Wednesday, May 26, 2004

A key Republican state senator says Virginia needs more new taxes despite the improving economy, but the state’s Democratic governor said more tax increases aren’t necessary.

Senate Finance Committee Chairman John H. Chichester says Virginia will need to spend more to fund transportation, which is not addressed in the state’s new two-year, $60 billion budget.

“Somewhere and somehow, Virginia is going to have to face and remedy the transportation dilemma,” the Stafford County Republican said.

The senator said he won’t propose a gasoline tax, but said other taxes must help pay for the state’s needs.

Gov. Mark Warner, who supported a $1.38 billion tax-increase plan, agreed that transportation is a problem, but did not advocate more taxes.

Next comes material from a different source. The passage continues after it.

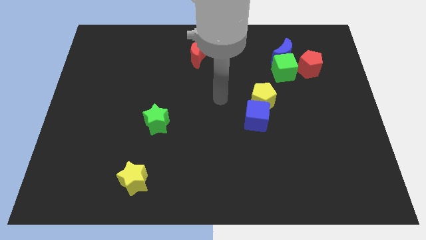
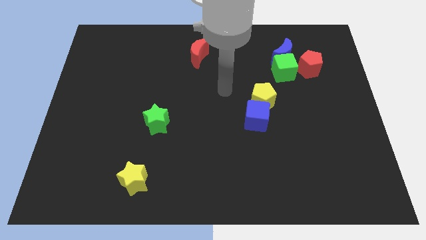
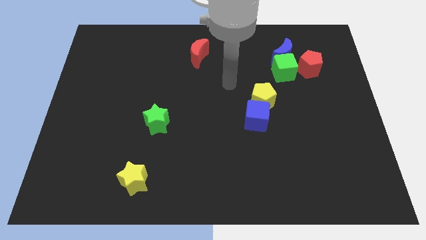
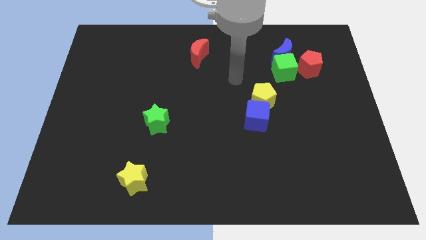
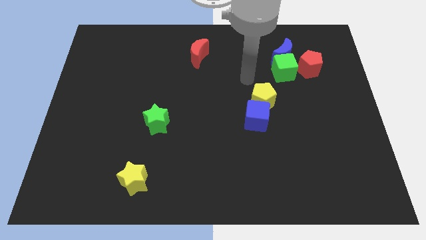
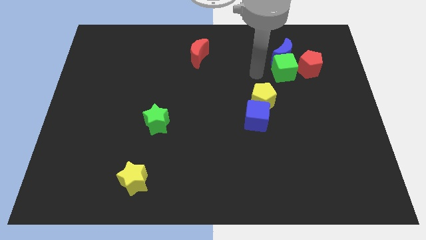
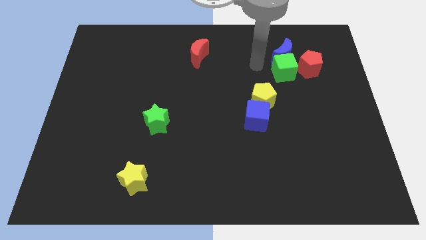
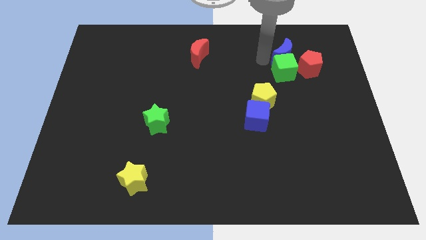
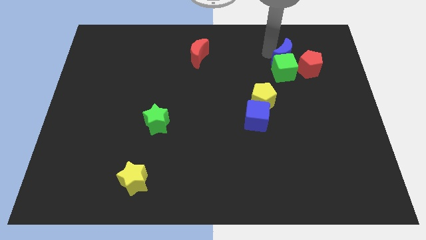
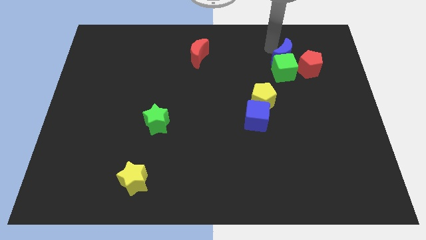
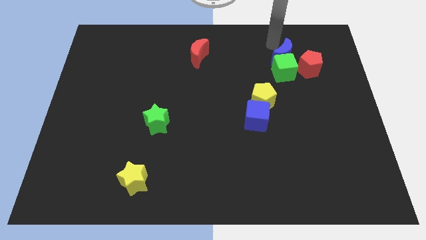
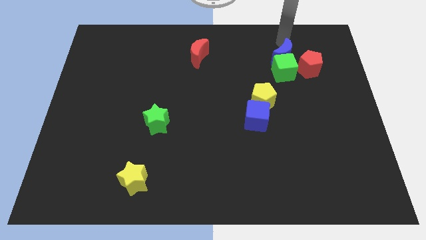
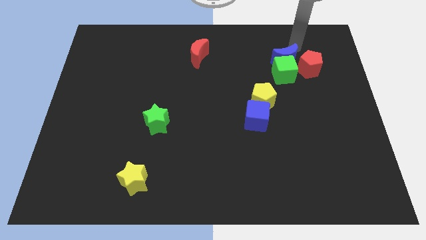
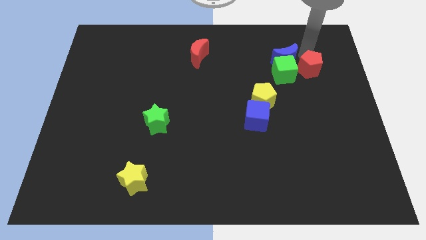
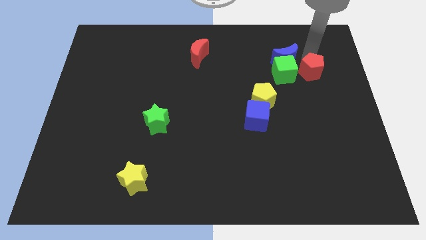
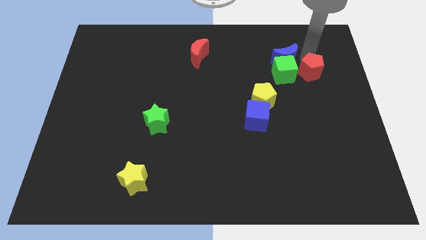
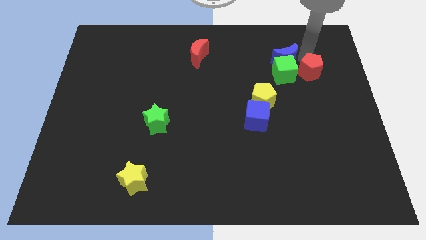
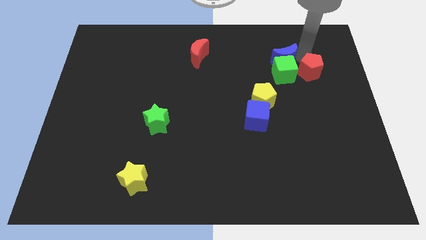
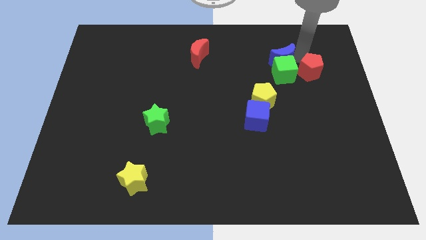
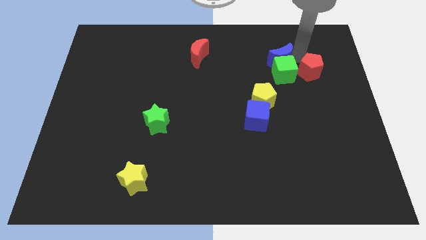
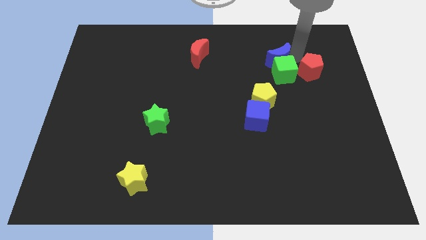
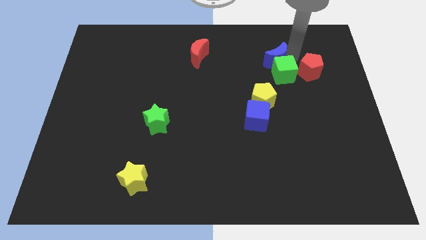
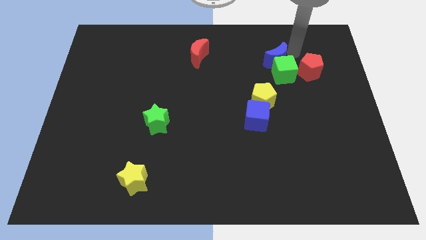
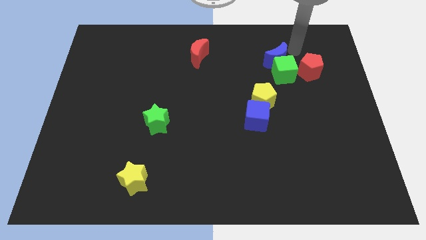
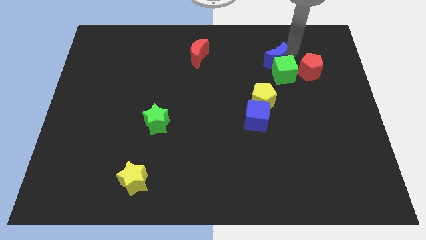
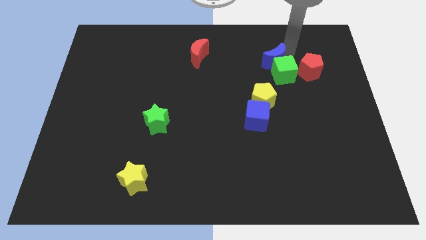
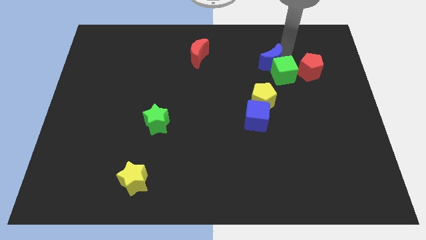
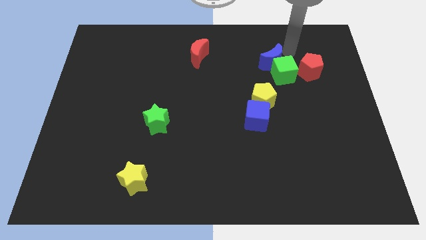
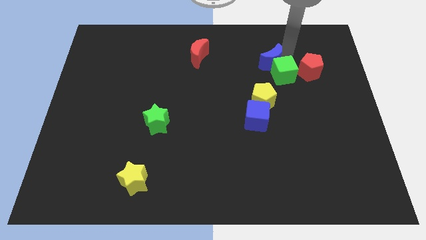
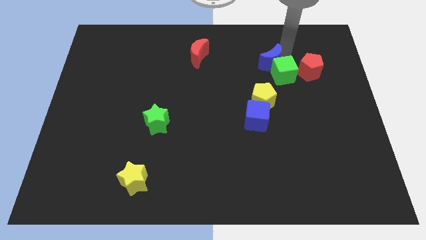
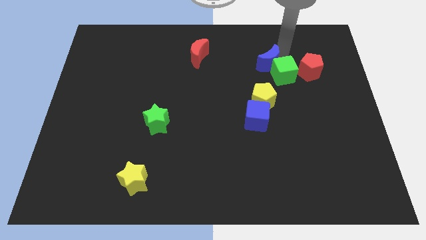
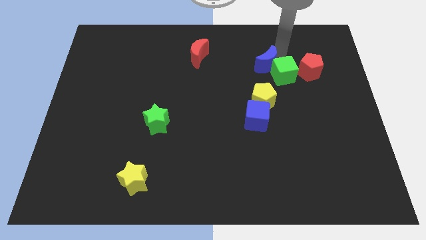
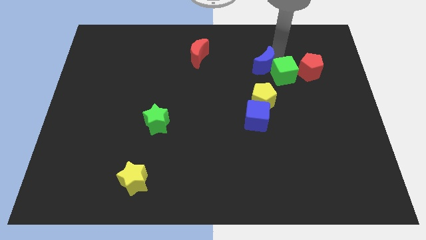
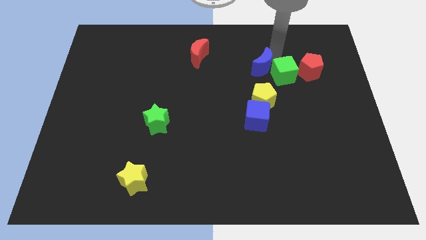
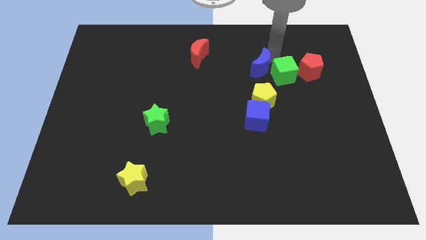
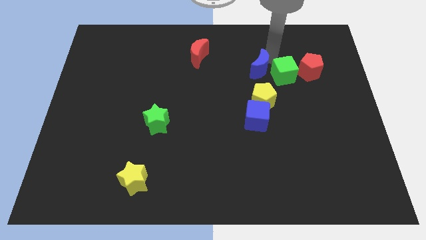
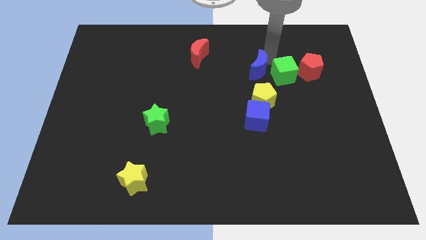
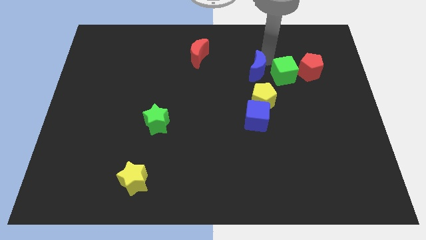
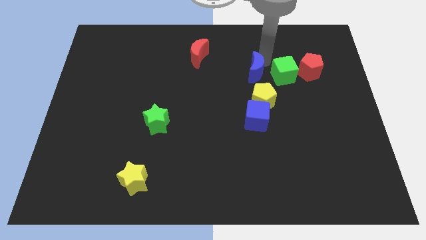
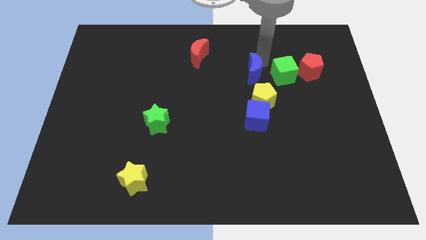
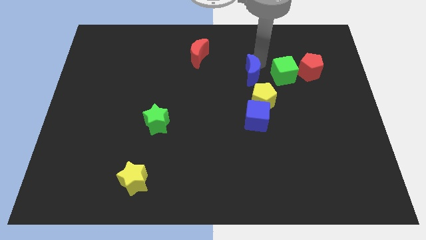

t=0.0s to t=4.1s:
push the blue moon diagonally up and to the left of the yellow pentagon

“Clearly, transportation stands out as not having been adequately addressed in this whole effort,” Warner spokeswoman Ellen Qualls said yesterday. “That being said, there is no appetite for higher gas taxes while we’re paying record prices at the pump. … We’re going to have to allocate existing resources in a way that addresses transportation problems.”

Mr. Warner’s proposed budget devoted $400 million to transportation without raising the gasoline tax. Miss Qualls said the governor might propose a balanced budget that funds transportation in a similar way at the end of this year.

When the Republican-controlled legislature passed the budget on May 7, Mr. Chichester warned fellow senators: “We will return another day for the unfinished business.”

He said this week the budget “does nothing to alleviate traffic problems.”

Since then, the Virginia Department of Transportation has said it must cut $1.3 billion from its new road-construction plan and highway-improvement projects because the agency didn’t get enough money from the state budget.

The legislature passed a record $1.38 billion tax-increase last month. This month, the state Finance Department said that the economy is rebounding and that by June 30, the end of the state’s fiscal year, there could be a budget surplus of about $300 million.

Mr. Chichester championed a much larger tax-increase package — about $4 billion — during the legislative session, but ultimately supported the compromise plan that raised the state sales, cigarette and real-estate taxes.

Mr. Chichester’s original plan included a gasoline tax to raise about $1.6 billion for transportation, but he agreed that high gasoline prices prevent the legislature from increasing gasoline taxes next year.

“A gas tax is not popular, and I won’t propose that,” he said.

However, Mr. Chichester said he will look at other tax increases to raise revenue for transportation.

Many Republican leaders said Mr. Chichester’s push for more taxes is undermining their party’s antitax stance.

“In the 1990s, the Republicans certainly stood for working families and for people, and we were going to hold the line on taxes and allow the economy to grow,” former Gov. James S. Gilmore III said. “That has completely exploded under Senator Chichester’s leadership.”

Earlier this year, the 1st Congressional District Republican Committee had issued a resolution suggesting Mr. Chichester should leave the Republican Party after the senator proposed his tax-increase plan.

Mr. Chichester, a 26-year legislator who was once a Democrat, said he had no intention of leaving the party and called the resolution “embarrassing” and “offensive” to Republican voters.

Mr. Chichester also said any attempts to cut taxes or to reverse a cap the legislature put on the state’s popular car-tax relief program would be unsuccessful. He said the $300 million surplus will boil down to only $12 million or $14 million after it is deposited into various funds, including the state’s rainy-day fund.

But delegates have been calling for tax cuts since learning about the surplus last week. The Finance Department said projected revenue growth for the year-end appears to be 9.5 percent, well ahead of the forecasts of 6.7 percent growth.

All 100 delegates are up for re-election next year. Senators don’t face voters until 2007.

House Majority Leader H. Morgan Griffith said he is sure new tax increases will be proposed, but pledged the House would beat them down.

“It won’t happen,” the Roanoke County Republican said. “If you take a hard look at transportation, there’s lots of things you can do without raising taxes.”